Weightless: Lossy weight encoding for deep neural network compression

Authors: Brandon Reagan, Udit Gupta, Bob Adolf, Michael Mitzenmacher, Alexander Rush, Gu-Yeon Wei, David Brooks

ICML 2018 | Conference PDF | Archive PDF | Plain Text | LLM Run Details

Reproducibility Variable Result LLM Response
Research Type Experimental We evaluate Weightless on three networks commonly used to study compression: Le Net-300-100, Le Net5 (Le Cun et al., 1998), and VGG-16 (Simonyan & Zisserman, 2015). The Le Net networks use MNIST (Lecun & Cortes, 1998) and VGG-16 uses Image Net (Russakovsky et al., 2015). Table 1. Experimental Setup.
Researcher Affiliation Collaboration 1Harvard University, Cambridge, MA 2Facebook, Menlo Park, CA. Correspondence to: Brandon Reagen <reagen@fas.harvard.edu>.
Pseudocode Yes Algorithm 1 Weightless compression method
Open Source Code No The paper mentions using Keras and implementing the Bloomier filter in-house but does not provide any statement or link indicating that the source code for their Weightless method is publicly available.

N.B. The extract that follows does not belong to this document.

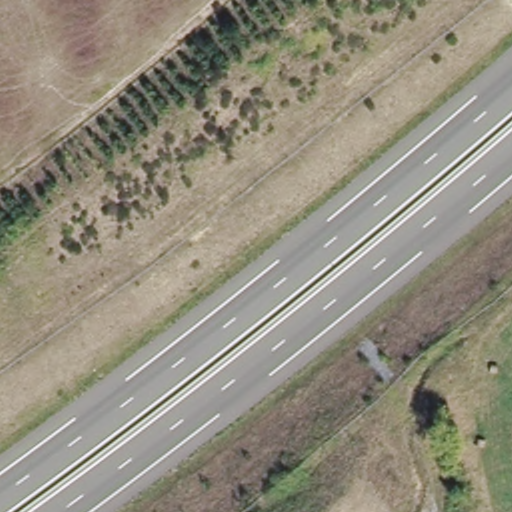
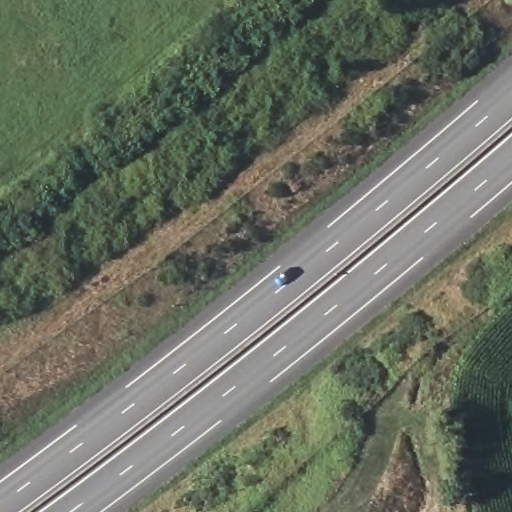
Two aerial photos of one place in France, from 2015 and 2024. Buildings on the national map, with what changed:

Open Datasets Yes The Le Net networks use MNIST (Lecun & Cortes, 1998) and VGG-16 uses Image Net (Russakovsky et al., 2015).

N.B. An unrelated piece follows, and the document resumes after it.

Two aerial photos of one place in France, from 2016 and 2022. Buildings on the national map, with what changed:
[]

Dataset Splits No The paper mentions 'model validation error' and refers to retraining, but it does not provide specific details on the dataset splits (e.g., percentages, sample counts, or explicit methodology for training, validation, and test sets).
Hardware Specification Yes On a Intel i7-6700K CPU reconstructing (decoding) the largest layers of each model takes 0.52, 1.3, and 22.8 seconds for MNIST-300-100, Le Net5, and VGG-16 respectively; on the ARM A53 mobile class CPU used in smartphones since 2014 (Qualcomm, 2018), the same layers take 7.1, 18, and 296 seconds to reconstruct.
Software Dependencies No The paper mentions 'Keras (Chollet, 2017)' and 'Mersenne Twister pseudorandom number generator' but does not provide specific version numbers for Keras or other software dependencies.
Experiment Setup Yes Table 1 shows the models and simplification parameters used in our experiments. We apply Weightless to the largest layers in each model. ... Weights are pruned using either magnitude threshold or dynamic network surgery (see Section 3.2). Once pruned, weights are clustered with k-means. We found that careful choice of initial seeds helped to minimizing the number of clusters needed. We use density-based initialization on a per-layer basis, where initial cluster values are assigned based on the input weight distribution. Tuning the filter size The use of Bloomier filters introduces an additional hyperparameter t that sets the filters encoding strength... Experimentally, for the models considered, we find that t typically falls in the range of 6 to 9.